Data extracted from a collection
────────────────────
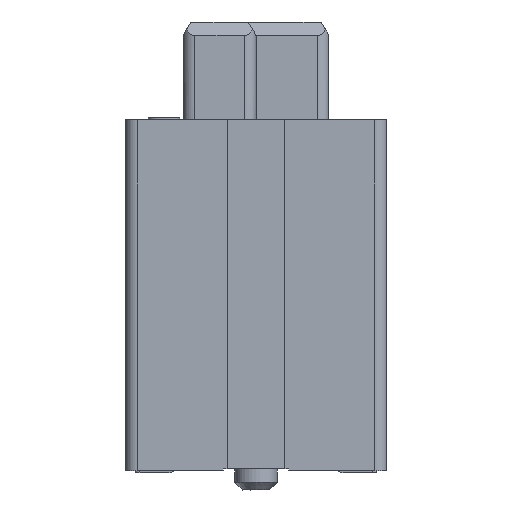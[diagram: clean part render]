
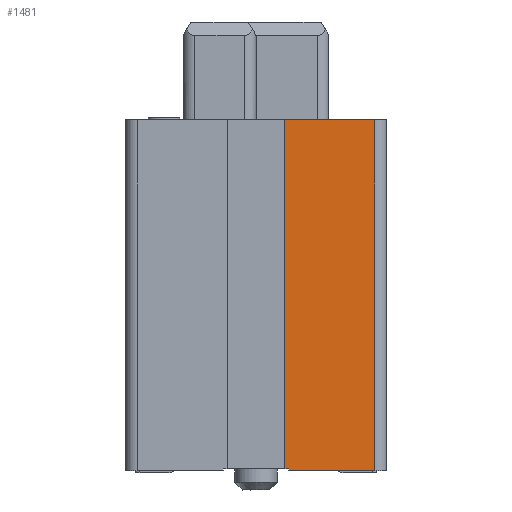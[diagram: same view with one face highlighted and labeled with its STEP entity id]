
A CAD part, left-side view. The second image highlights one B-rep face of the part: STEP entity #1481.
In plain terms, the highlighted planar face has unit normal (-1, 0, 0).
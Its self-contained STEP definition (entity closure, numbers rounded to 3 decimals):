
#449=CARTESIAN_POINT('',(-22.9,-3.1,0.));
#450=VERTEX_POINT('',#449);
#468=CARTESIAN_POINT('',(-22.9,-3.1,9.15));
#469=VERTEX_POINT('',#468);
#477=CARTESIAN_POINT('',(-22.9,-3.1,9.15));
#478=DIRECTION('',(0.,0.,-1.));
#479=VECTOR('',#478,9.15);
#480=LINE('',#477,#479);
#481=EDGE_CURVE('',#469,#450,#480,.T.);
#611=CARTESIAN_POINT('',(-22.9,-0.75,9.15));
#612=VERTEX_POINT('',#611);
#619=CARTESIAN_POINT('',(-22.9,-0.75,9.15));
#620=DIRECTION('',(0.,-1.,0.));
#621=VECTOR('',#620,2.35);
#622=LINE('',#619,#621);
#623=EDGE_CURVE('',#612,#469,#622,.T.);
#1432=CARTESIAN_POINT('',(-22.9,-0.75,0.05));
#1433=VERTEX_POINT('',#1432);
#1440=CARTESIAN_POINT('',(-22.9,-0.75,0.05));
#1441=DIRECTION('',(0.,0.,1.));
#1442=VECTOR('',#1441,9.1);
#1443=LINE('',#1440,#1442);
#1444=EDGE_CURVE('',#1433,#612,#1443,.T.);
#1449=CARTESIAN_POINT('',(-22.9,0.,4.575));
#1450=DIRECTION('',(0.,-1.,0.));
#1451=DIRECTION('',(-1.,0.,0.));
#1452=AXIS2_PLACEMENT_3D('',#1449,#1451,#1450);
#1453=PLANE('',#1452);
#1454=ORIENTED_EDGE('',*,*,#623,.F.);
#1455=ORIENTED_EDGE('',*,*,#1444,.F.);
#1456=CARTESIAN_POINT('',(-22.9,-0.85,0.05));
#1457=VERTEX_POINT('',#1456);
#1458=CARTESIAN_POINT('',(-22.9,-0.75,0.05));
#1459=DIRECTION('',(0.,-1.,0.));
#1460=VECTOR('',#1459,0.1);
#1461=LINE('',#1458,#1460);
#1462=EDGE_CURVE('',#1433,#1457,#1461,.T.);
#1463=ORIENTED_EDGE('',*,*,#1462,.T.);
#1464=CARTESIAN_POINT('',(-22.9,-0.85,0.));
#1465=VERTEX_POINT('',#1464);
#1466=CARTESIAN_POINT('',(-22.9,-0.85,0.05));
#1467=DIRECTION('',(0.,0.,-1.));
#1468=VECTOR('',#1467,0.05);
#1469=LINE('',#1466,#1468);
#1470=EDGE_CURVE('',#1457,#1465,#1469,.T.);
#1471=ORIENTED_EDGE('',*,*,#1470,.T.);
#1472=CARTESIAN_POINT('',(-22.9,-0.85,0.));
#1473=DIRECTION('',(0.,-1.,0.));
#1474=VECTOR('',#1473,2.25);
#1475=LINE('',#1472,#1474);
#1476=EDGE_CURVE('',#1465,#450,#1475,.T.);
#1477=ORIENTED_EDGE('',*,*,#1476,.T.);
#1478=ORIENTED_EDGE('',*,*,#481,.F.);
#1479=EDGE_LOOP('',(#1454,#1455,#1463,#1471,#1477,#1478));
#1480=FACE_OUTER_BOUND('',#1479,.T.);
#1481=ADVANCED_FACE('',(#1480),#1453,.T.);
────────────────────
Print the records verbatim, without pictures.

[diagram: clean part render]
[diagram: same view with one face highlighted and labeled with its STEP entity id]
A CAD part, left-side view. The second image highlights one B-rep face of the part: STEP entity #1481.
In plain terms, the highlighted planar face has unit normal (-1, 0, 0).
Its self-contained STEP definition (entity closure, numbers rounded to 3 decimals):
#449=CARTESIAN_POINT('',(-22.9,-3.1,0.));
#450=VERTEX_POINT('',#449);
#468=CARTESIAN_POINT('',(-22.9,-3.1,9.15));
#469=VERTEX_POINT('',#468);
#477=CARTESIAN_POINT('',(-22.9,-3.1,9.15));
#478=DIRECTION('',(0.,0.,-1.));
#479=VECTOR('',#478,9.15);
#480=LINE('',#477,#479);
#481=EDGE_CURVE('',#469,#450,#480,.T.);
#611=CARTESIAN_POINT('',(-22.9,-0.75,9.15));
#612=VERTEX_POINT('',#611);
#619=CARTESIAN_POINT('',(-22.9,-0.75,9.15));
#620=DIRECTION('',(0.,-1.,0.));
#621=VECTOR('',#620,2.35);
#622=LINE('',#619,#621);
#623=EDGE_CURVE('',#612,#469,#622,.T.);
#1432=CARTESIAN_POINT('',(-22.9,-0.75,0.05));
#1433=VERTEX_POINT('',#1432);
#1440=CARTESIAN_POINT('',(-22.9,-0.75,0.05));
#1441=DIRECTION('',(0.,0.,1.));
#1442=VECTOR('',#1441,9.1);
#1443=LINE('',#1440,#1442);
#1444=EDGE_CURVE('',#1433,#612,#1443,.T.);
#1449=CARTESIAN_POINT('',(-22.9,0.,4.575));
#1450=DIRECTION('',(0.,-1.,0.));
#1451=DIRECTION('',(-1.,0.,0.));
#1452=AXIS2_PLACEMENT_3D('',#1449,#1451,#1450);
#1453=PLANE('',#1452);
#1454=ORIENTED_EDGE('',*,*,#623,.F.);
#1455=ORIENTED_EDGE('',*,*,#1444,.F.);
#1456=CARTESIAN_POINT('',(-22.9,-0.85,0.05));
#1457=VERTEX_POINT('',#1456);
#1458=CARTESIAN_POINT('',(-22.9,-0.75,0.05));
#1459=DIRECTION('',(0.,-1.,0.));
#1460=VECTOR('',#1459,0.1);
#1461=LINE('',#1458,#1460);
#1462=EDGE_CURVE('',#1433,#1457,#1461,.T.);
#1463=ORIENTED_EDGE('',*,*,#1462,.T.);
#1464=CARTESIAN_POINT('',(-22.9,-0.85,0.));
#1465=VERTEX_POINT('',#1464);
#1466=CARTESIAN_POINT('',(-22.9,-0.85,0.05));
#1467=DIRECTION('',(0.,0.,-1.));
#1468=VECTOR('',#1467,0.05);
#1469=LINE('',#1466,#1468);
#1470=EDGE_CURVE('',#1457,#1465,#1469,.T.);
#1471=ORIENTED_EDGE('',*,*,#1470,.T.);
#1472=CARTESIAN_POINT('',(-22.9,-0.85,0.));
#1473=DIRECTION('',(0.,-1.,0.));
#1474=VECTOR('',#1473,2.25);
#1475=LINE('',#1472,#1474);
#1476=EDGE_CURVE('',#1465,#450,#1475,.T.);
#1477=ORIENTED_EDGE('',*,*,#1476,.T.);
#1478=ORIENTED_EDGE('',*,*,#481,.F.);
#1479=EDGE_LOOP('',(#1454,#1455,#1463,#1471,#1477,#1478));
#1480=FACE_OUTER_BOUND('',#1479,.T.);
#1481=ADVANCED_FACE('',(#1480),#1453,.T.);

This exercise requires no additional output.